Don’t look up, abbiamo un piano

Attenzione: questo articolo contiene spoiler.

In Don’t look up, il film Netflix diretto da Adam McKay, l’umanità viene spazzata via da una grossa cometa che si schianta sulla Terra. Lo si sapeva con mesi di anticipo ma il mondo (i governi) era distratto e alla fine la soluzione all’Armageddon, anche per l’assenza di Bruce Willis, non ha funzionato. Se sia una pellicola riuscita o no, o se la sua critica (in chiave ironica) all’indifferenza e alla procrastinazione delle azioni di fronte alla catastrofe annunciata del cambiamento climatico (questa sì reale) abbia o meno colpito nel segno, non sono gli aspetti che hanno suscitato l’interesse di Philip Lubin e Alex N. Cohen, due fisici dell’università della California-Santa Barbara che hanno analizzato lo scenario descritto e concluso che possiamo stare tranquilli: l’umanità può essere salvata, se si prepara prima.

Salvare l’umanità

Tralasciando qualche imprecisione scientifica, Don’t look up parla di una cometa simile all’asteroide che causò l’estinzione di massa di oltre 65 milioni di anni fa (quella dei dinosauri, per intendersi): un oggetto spaziale di circa 10 chilometri di diametro che viaggia a una velocità di 40 chilometri al secondo. “Assassini di pianeti” di questo tipo, ammettono i ricercatori, esistono, ma, in base alle osservazioni finora accumulate, sono molto, molto rari. Se però la loro orbita intercettasse quella della Terra, l’impatto avrebbe una resa distruttiva 40mila volte superiore a quella di tutti gli odierni arsenali nucleari insieme. 

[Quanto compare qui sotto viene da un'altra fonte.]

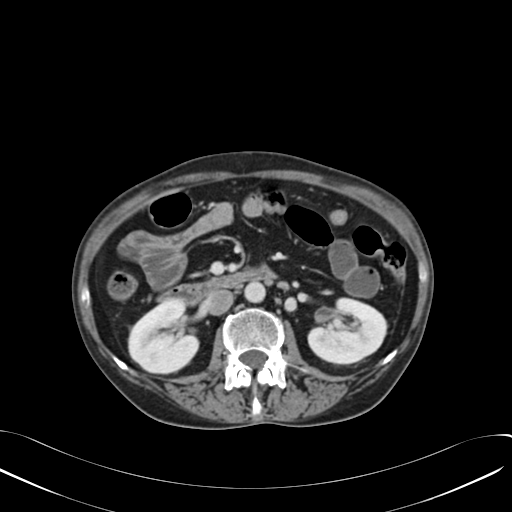

Abdomen; Computed tomography; 512x512 px

Kidney — x1=129 y1=300 x2=197 y2=372, x1=309 y1=299 x2=385 y2=362.
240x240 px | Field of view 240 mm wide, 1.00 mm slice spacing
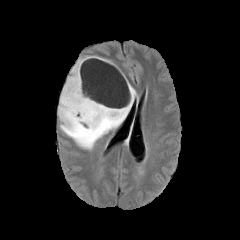
FLAIR MR.
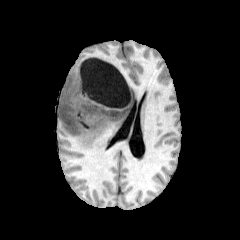
Same slice, T1-weighted MR.
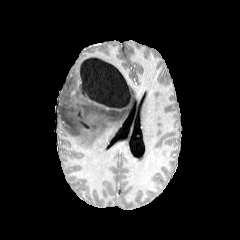
Post-contrast T1-weighted MR of the same slice.
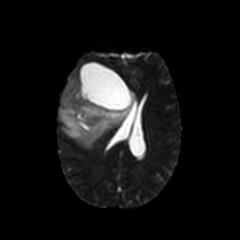
T2-weighted MRI.
non-enhancing tumor core: [x1=60, y1=108, x2=86, y2=133], [x1=81, y1=78, x2=131, y2=119] | edema: [x1=57, y1=56, x2=137, y2=149]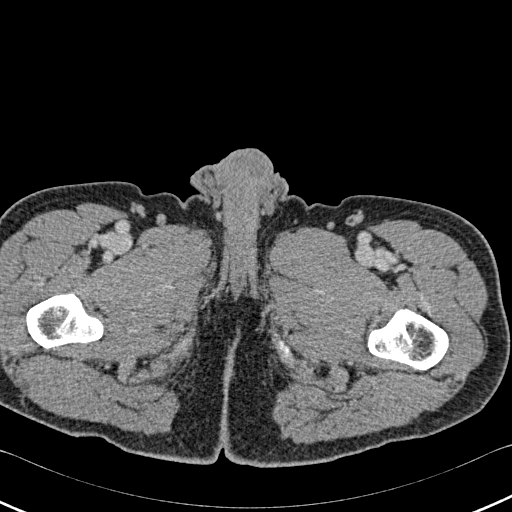
512x512 px, CT scan slice
Bone at [27,294,102,348], [368,309,447,369], [279,341,290,357].
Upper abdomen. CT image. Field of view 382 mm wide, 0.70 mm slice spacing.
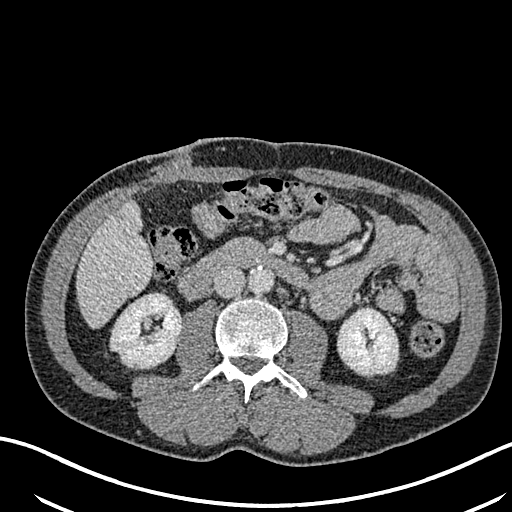 Annotated regions:
* liver: bbox(77, 202, 150, 326)
* hepatic lesion: bbox(115, 210, 124, 221)
* kidney: bbox(111, 294, 181, 367); bbox(338, 309, 397, 373)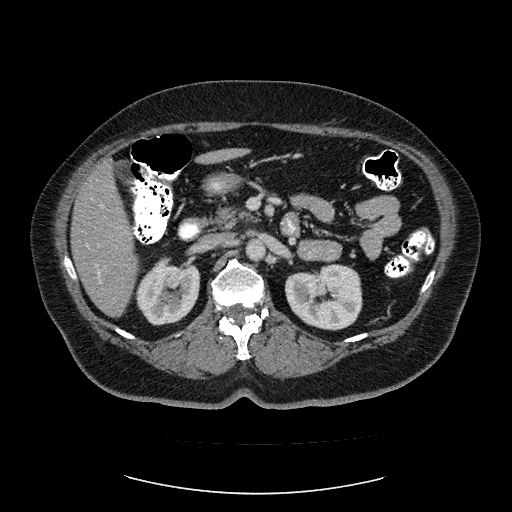
CT scan slice; Abdomen
The vessel boxes may cover only some of the vessels.
* hepatic vessel: (87,244,88,246), (96,264,105,278), (101,204,103,206)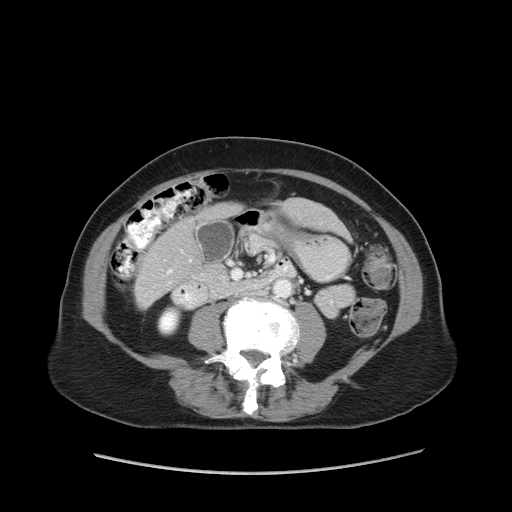

CT slice, Liver

The vessel boxes may cover only some of the vessels.
2 hepatic vessel regions are located at rect(168, 270, 171, 273); rect(189, 259, 191, 261).
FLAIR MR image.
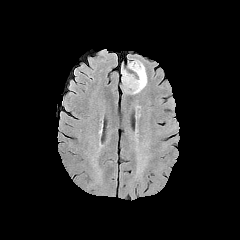
T1-weighted MR.
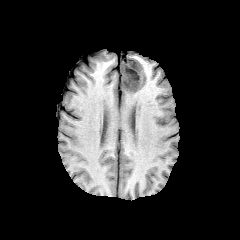
Post-contrast T1-weighted MR.
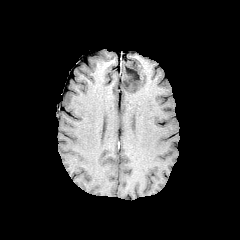
T2-weighted magnetic resonance.
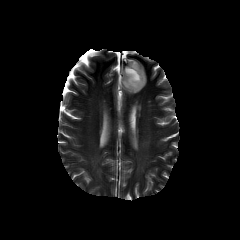
240x240
edema:
  - 122:64:147:94
non-enhancing_tumor_core:
  - 121:60:143:90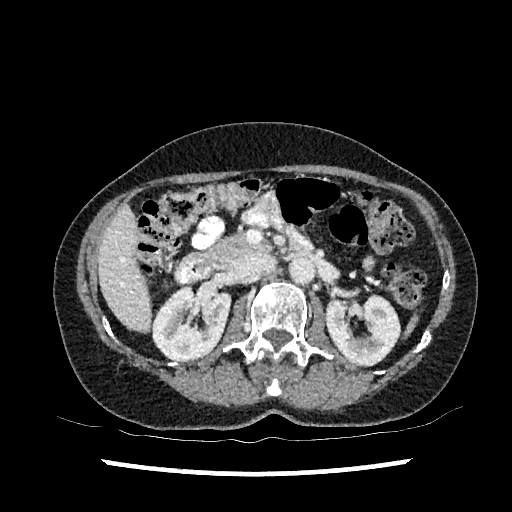 CT image, 512x512 px
<segmentation>
  <kidney>x1=327 y1=296 x2=399 y2=365, x1=153 y1=282 x2=230 y2=360</kidney>
  <liver>x1=99 y1=206 x2=150 y2=331</liver>
</segmentation>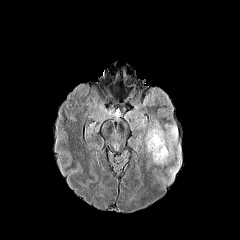
FLAIR MRI.
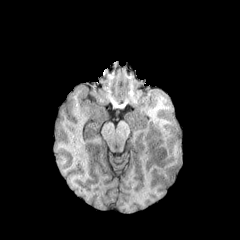
T1-weighted MR image of the same slice.
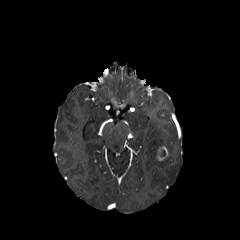
Post-contrast T1-weighted MRI of the same slice.
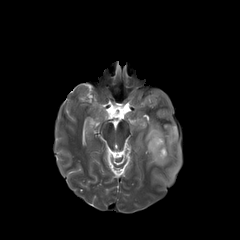
T2-weighted magnetic resonance of the same slice.
<segmentation>
  <edema>{"x1": 144, "y1": 120, "x2": 180, "y2": 177}</edema>
  <enhancing_tumor>{"x1": 155, "y1": 146, "x2": 169, "y2": 161}</enhancing_tumor>
</segmentation>

Nel loro articolo (disponibile su arXiv.org ma non ancora sottoposto a revisione paritaria), i due fisici passano in rassegna diverse strategie che già oggi l’umanità potrebbe attuare per evitare l’impatto e quindi la sua estinzione. Nella selezione della strategia con più chance di successo, il fattore tempo è fondamentale, soprattutto se ce ne fosse pochissimo come in Don’t look up (sei mesi).

Al netto di tutto, la soluzione sarebbe quella di utilizzare una serie di penetratori nucleari con una resa combinata di circa 500 megatoni (efficienza ipotetica al 2%, calcolata sulla base di test nucleari sotterranei svolti negli anni ‘60), da lanciare cinque mesi prima del previsto impatto per intercettare l’oggetto in questione un mese prima dello scontro con la Terra. 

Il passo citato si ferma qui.